_TASK BRIEF:_
Repeat the listing that follows exactly. Pictures are not part of the copy.

DATA UNDER STUDY section start

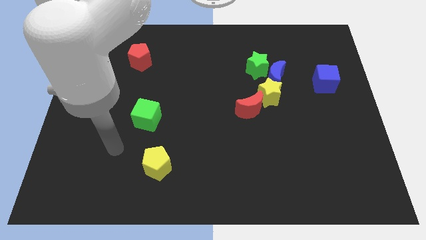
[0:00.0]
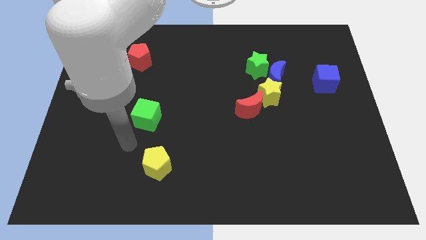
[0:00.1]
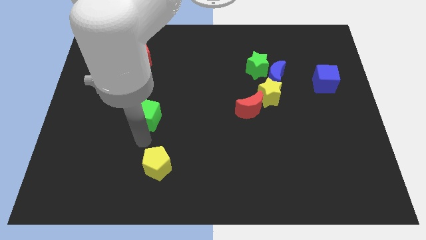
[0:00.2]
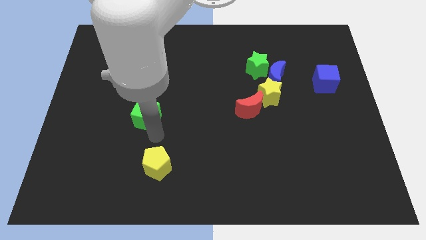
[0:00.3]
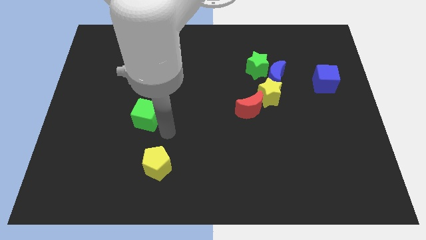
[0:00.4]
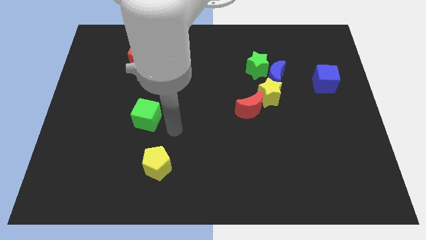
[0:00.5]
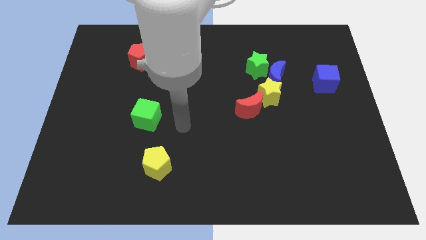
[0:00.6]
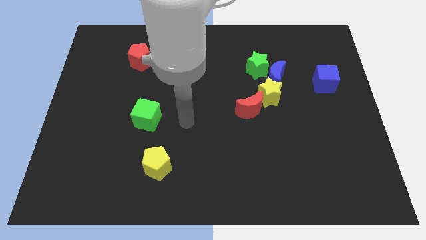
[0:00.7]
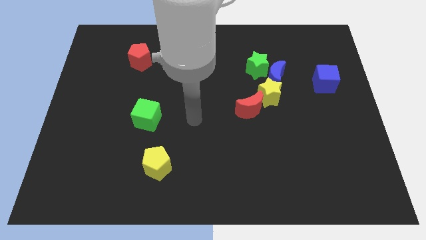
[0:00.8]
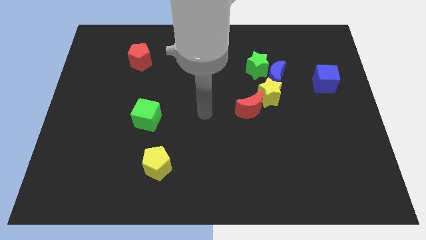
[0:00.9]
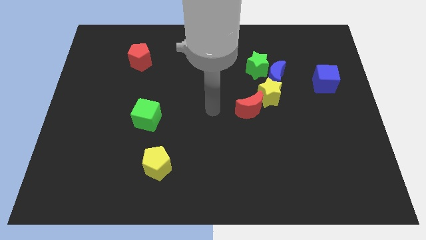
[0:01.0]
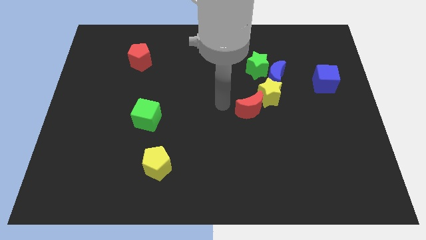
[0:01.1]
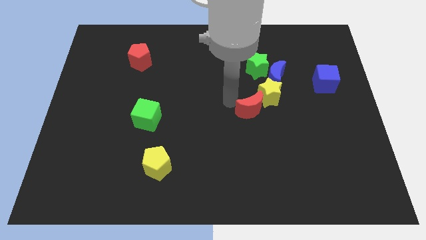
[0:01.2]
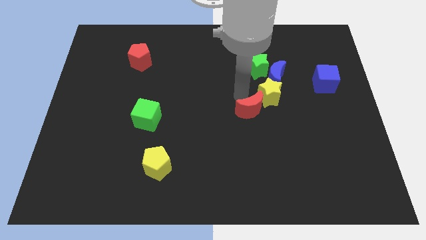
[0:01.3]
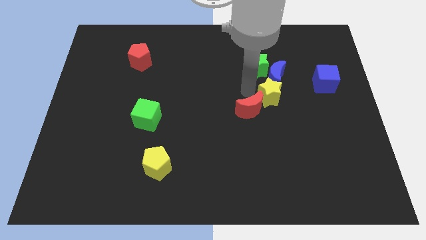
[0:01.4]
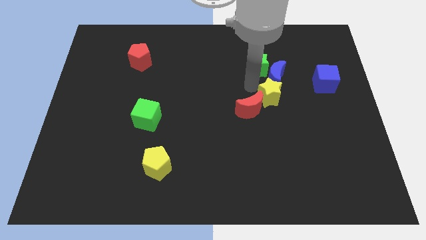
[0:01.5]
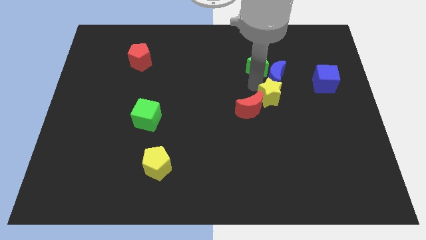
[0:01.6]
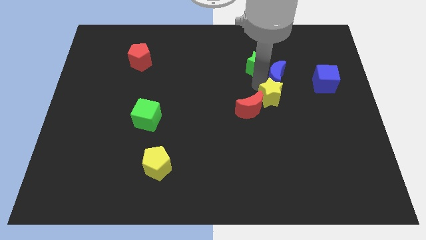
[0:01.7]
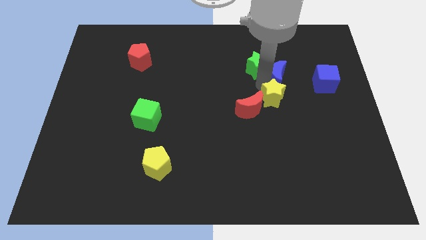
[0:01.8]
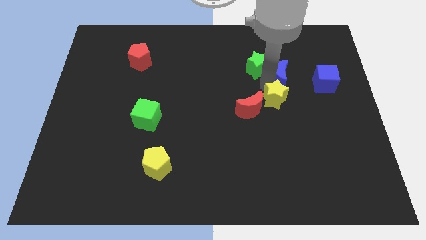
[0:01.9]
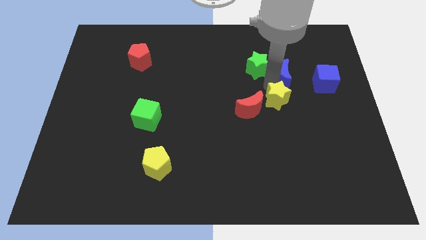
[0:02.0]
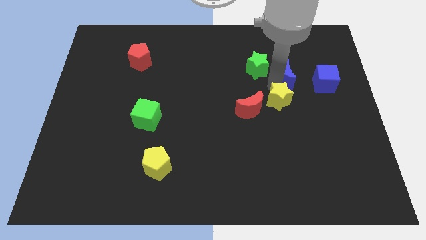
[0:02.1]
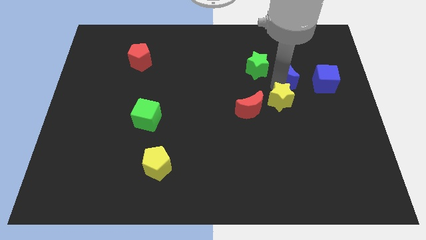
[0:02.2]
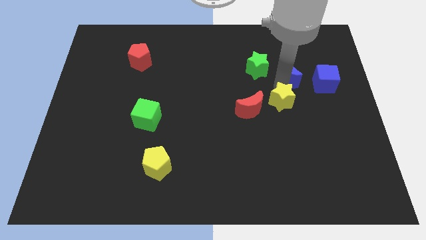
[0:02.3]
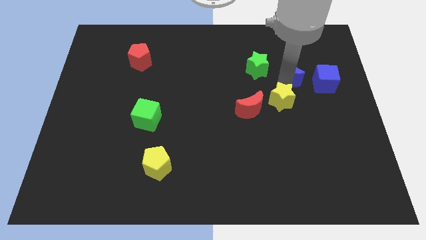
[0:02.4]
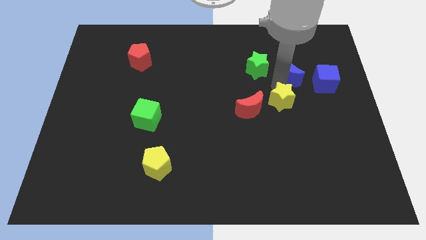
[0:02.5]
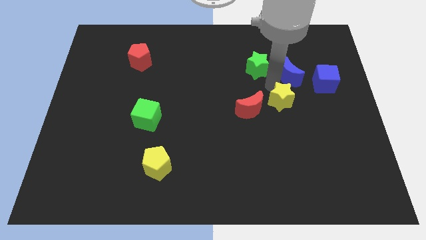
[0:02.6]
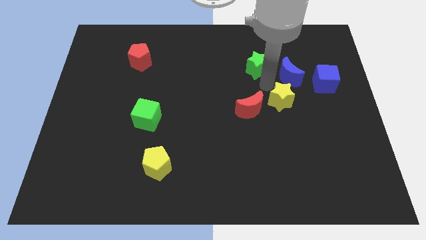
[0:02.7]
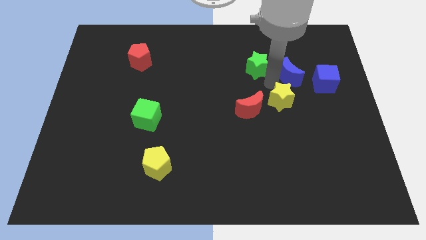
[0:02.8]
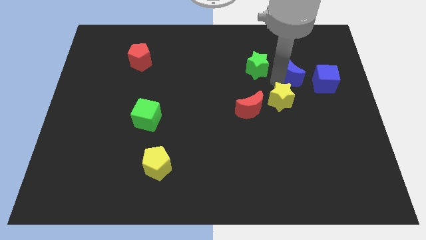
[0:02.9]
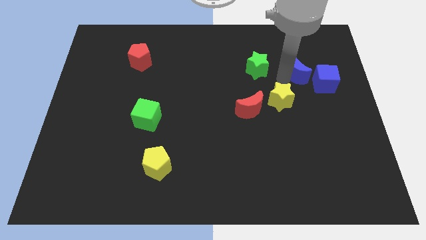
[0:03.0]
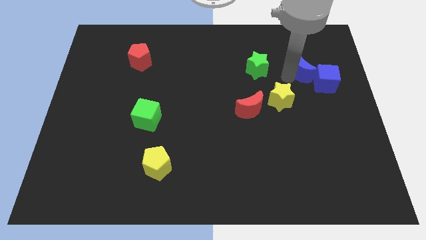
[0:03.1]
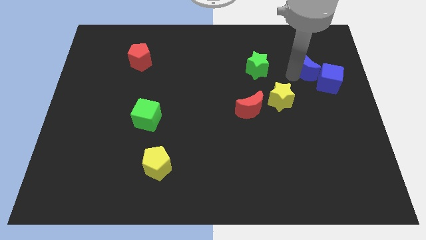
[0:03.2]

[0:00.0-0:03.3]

DATA UNDER STUDY section end

_RESULT:_
[0:00.0]
[0:00.1]
[0:00.2]
[0:00.3]
[0:00.4]
[0:00.5]
[0:00.6]
[0:00.7]
[0:00.8]
[0:00.9]
[0:01.0]
[0:01.1]
[0:01.2]
[0:01.3]
[0:01.4]
[0:01.5]
[0:01.6]
[0:01.7]
[0:01.8]
[0:01.9]
[0:02.0]
[0:02.1]
[0:02.2]
[0:02.3]
[0:02.4]
[0:02.5]
[0:02.6]
[0:02.7]
[0:02.8]
[0:02.9]
[0:03.0]
[0:03.1]
[0:03.2]

[0:00.0-0:03.3]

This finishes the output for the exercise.